DESCRIPTION OF THE TASK
If a line of the records contains the word "Trazado", list it.

INPUT DATA
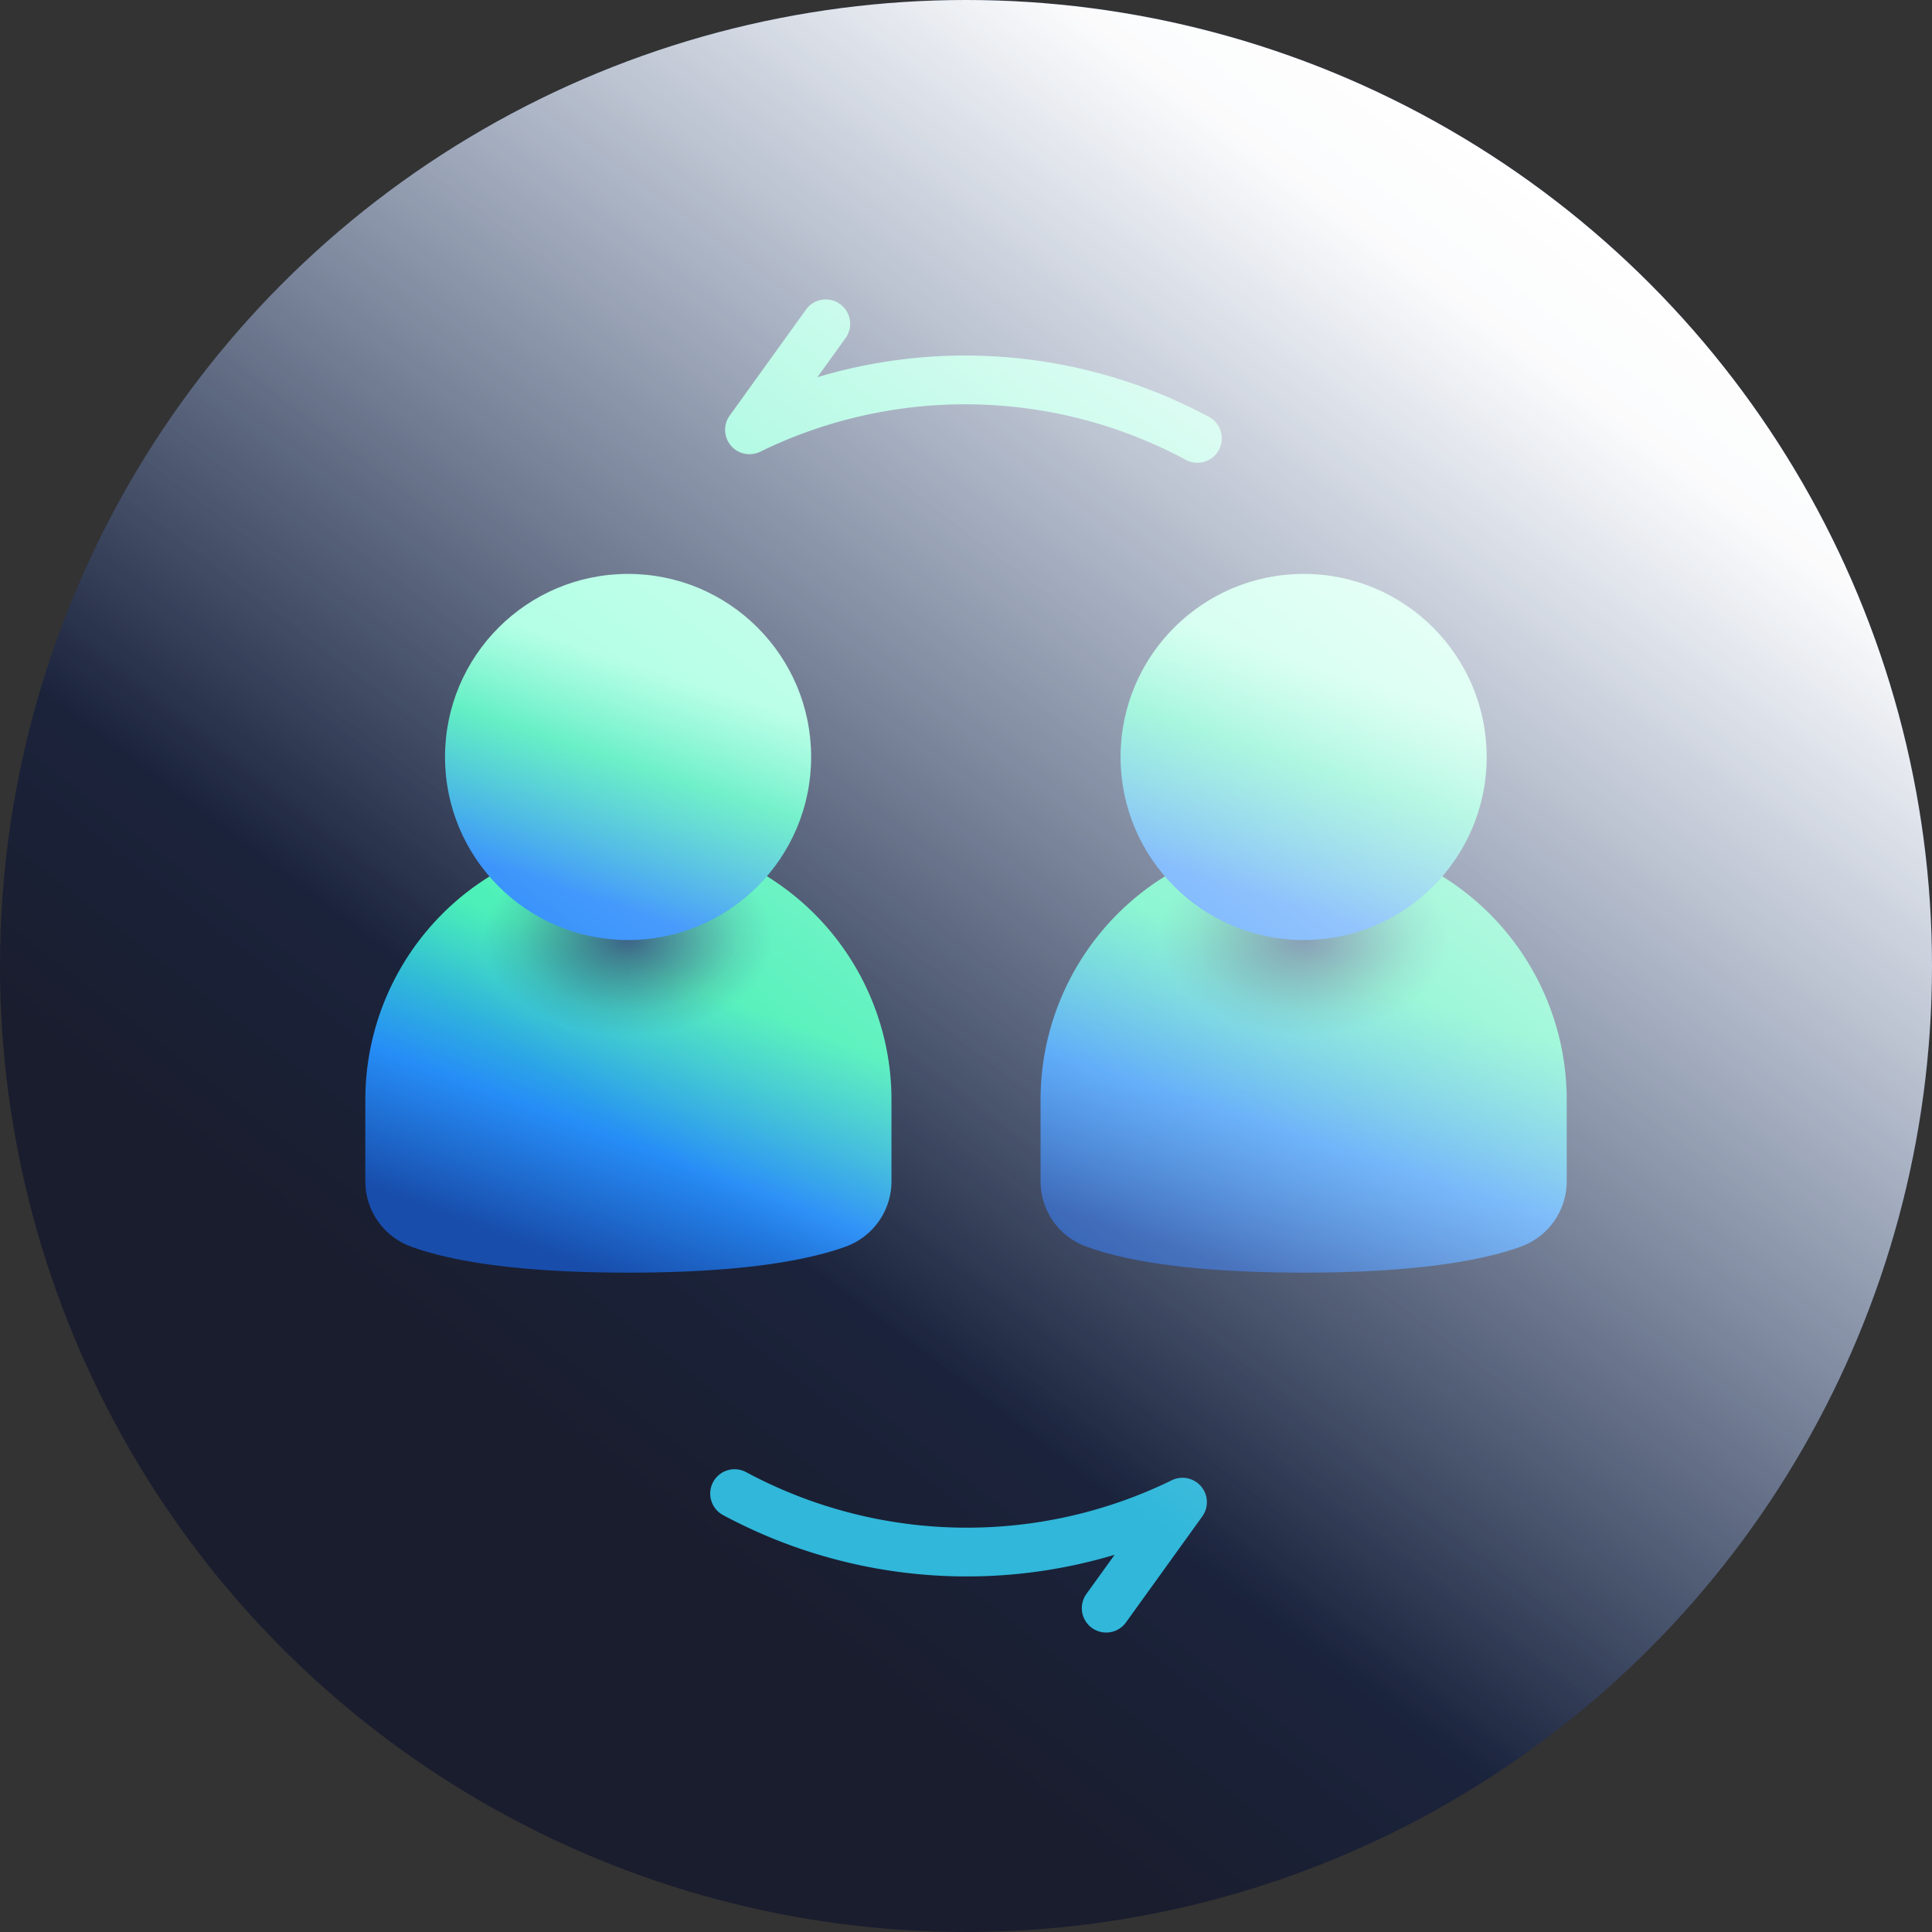 <?xml version="1.0" encoding="UTF-8"?>
<svg xmlns="http://www.w3.org/2000/svg" xmlns:xlink="http://www.w3.org/1999/xlink" width="120" height="120" viewBox="0 0 120 120">
  <rect x="0" y="0" width="120" height="120" fill="#333333" stroke="none"/>
  <defs>
    <linearGradient id="linear-gradient" x1="0.764" y1="0.263" x2="0.354" y2="0.791" gradientUnits="objectBoundingBox">
      <stop offset="0" stop-color="#1d3a6e"></stop>
      <stop offset="1" stop-color="#1a1d2e"></stop>
    </linearGradient>
    <linearGradient id="linear-gradient-2" x1="0.543" y1="0.303" x2="0.285" y2="0.956" gradientUnits="objectBoundingBox">
      <stop offset="0" stop-color="#3defb2"></stop>
      <stop offset="0.534" stop-color="#268ef7"></stop>
      <stop offset="1" stop-color="#184dab"></stop>
    </linearGradient>
    <linearGradient id="linear-gradient-3" x1="0.724" y1="0.39" x2="0.447" y2="1" gradientUnits="objectBoundingBox">
      <stop offset="0" stop-color="#3defb2"></stop>
      <stop offset="0.562" stop-color="#268df7"></stop>
      <stop offset="1" stop-color="#184dab"></stop>
    </linearGradient>
    <radialGradient id="radial-gradient" cx="0.5" cy="0.5" r="0.5" gradientUnits="objectBoundingBox">
      <stop offset="0" stop-color="#1d3a6e"></stop>
      <stop offset="0.753" stop-color="#1d3a6e" stop-opacity="0.173"></stop>
      <stop offset="1" stop-color="#1d3a6e" stop-opacity="0"></stop>
    </radialGradient>
    <linearGradient id="linear-gradient-4" x1="0.698" y1="0.304" x2="0.5" y2="0.918" gradientUnits="objectBoundingBox">
      <stop offset="0" stop-color="#95ffdb"></stop>
      <stop offset="0.407" stop-color="#3cebb5"></stop>
      <stop offset="1" stop-color="#2588fb"></stop>
    </linearGradient>
    <linearGradient id="linear-gradient-6" x1="0.854" y1="0.146" x2="0.454" y2="0.681" gradientUnits="objectBoundingBox">
      <stop offset="0" stop-color="#fff"></stop>
      <stop offset="0.104" stop-color="#fff" stop-opacity="0.98"></stop>
      <stop offset="1" stop-color="#fff" stop-opacity="0"></stop>
    </linearGradient>
  </defs>
  <g id="Group_1512" data-name="Group 1512" transform="translate(-1220 -2691.557)">
    <circle id="Ellipse_210" data-name="Ellipse 210" cx="60" cy="60" r="60" transform="translate(1220 2691.557)" fill="url(#linear-gradient)"></circle>
    <g id="Group_1008" data-name="Group 1008" transform="translate(-632.999 120.873)">
      <path id="Path_1180" data-name="Path 1180" d="M92.96,88.06a4.32,4.32,0,0,1-2.86,4.08c-2.27.82-6.32,1.61-13.48,1.61s-11.2-.78-13.48-1.61a4.316,4.316,0,0,1-2.86-4.08V83.02A16.339,16.339,0,0,1,76.62,66.68h0A16.339,16.339,0,0,1,92.96,83.02v5.04Z" transform="translate(1857.35 2555.98)" fill="url(#linear-gradient-2)"></path>
      <path id="Path_1181" data-name="Path 1181" d="M51.02,88.06a4.32,4.32,0,0,1-2.86,4.08c-2.27.82-6.32,1.61-13.48,1.61s-11.2-.78-13.48-1.61a4.316,4.316,0,0,1-2.86-4.08V83.02A16.339,16.339,0,0,1,34.68,66.68h0A16.339,16.339,0,0,1,51.02,83.02v5.04Z" transform="translate(1857.35 2555.98)" fill="url(#linear-gradient-3)"></path>
      <ellipse id="Ellipse_295" data-name="Ellipse 295" cx="9" cy="6" rx="9" ry="6" transform="translate(1925 2623)" opacity="0.9" fill="url(#radial-gradient)" style="mix-blend-mode: multiply;isolation: isolate"></ellipse>
      <ellipse id="Ellipse_296" data-name="Ellipse 296" cx="9" cy="6" rx="9" ry="6" transform="translate(1883 2623)" opacity="0.9" fill="url(#radial-gradient)" style="mix-blend-mode: multiply;isolation: isolate"></ellipse>
      <circle id="Ellipse_293" data-name="Ellipse 293" cx="11.37" cy="11.37" r="11.37" transform="translate(1922.6 2606.331)" fill="url(#linear-gradient-4)"></circle>
      <circle id="Ellipse_294" data-name="Ellipse 294" cx="11.37" cy="11.37" r="11.37" transform="translate(1880.64 2606.331)" fill="url(#linear-gradient-4)"></circle>
    </g>
    <path id="Trazado_1035" data-name="Trazado 1035" d="M20.811,24.385a1.514,1.514,0,0,1-1.45-1.08A28.971,28.971,0,0,0,1.023,4.255,1.514,1.514,0,0,1,1.27,1.329L9.307.02a1.514,1.514,0,0,1,.487,2.988l-2.986.486A31.984,31.984,0,0,1,22.262,22.437a1.515,1.515,0,0,1-1.451,1.948Z" transform="translate(1263.485 2717.329) rotate(-45)" fill="#64f4c7"></path>
    <path id="Trazado_1035-2" data-name="Trazado 1035" d="M20.811,24.385a1.514,1.514,0,0,1-1.45-1.08A28.971,28.971,0,0,0,1.023,4.255,1.514,1.514,0,0,1,1.27,1.329L9.307.02a1.514,1.514,0,0,1,.487,2.988l-2.986.486A31.984,31.984,0,0,1,22.262,22.437a1.515,1.515,0,0,1-1.451,1.948Z" transform="translate(1296.515 2785.784) rotate(135)" fill="#30b7da"></path>
    <circle id="Ellipse_211" data-name="Ellipse 211" cx="60" cy="60" r="60" transform="translate(1220 2691.557)" fill="url(#linear-gradient-6)" style="mix-blend-mode: soft-light;isolation: isolate"></circle>
  </g>
</svg>

ANSWER TO THIS EXERCISE
    <path id="Trazado_1035" data-name="Trazado 1035" d="M20.811,24.385a1.514,1.514,0,0,1-1.45-1.08A28.971,28.971,0,0,0,1.023,4.255,1.514,1.514,0,0,1,1.27,1.329L9.307.02a1.514,1.514,0,0,1,.487,2.988l-2.986.486A31.984,31.984,0,0,1,22.262,22.437a1.515,1.515,0,0,1-1.451,1.948Z" transform="translate(1263.485 2717.329) rotate(-45)" fill="#64f4c7"></path>
    <path id="Trazado_1035-2" data-name="Trazado 1035" d="M20.811,24.385a1.514,1.514,0,0,1-1.45-1.08A28.971,28.971,0,0,0,1.023,4.255,1.514,1.514,0,0,1,1.27,1.329L9.307.02a1.514,1.514,0,0,1,.487,2.988l-2.986.486A31.984,31.984,0,0,1,22.262,22.437a1.515,1.515,0,0,1-1.451,1.948Z" transform="translate(1296.515 2785.784) rotate(135)" fill="#30b7da"></path>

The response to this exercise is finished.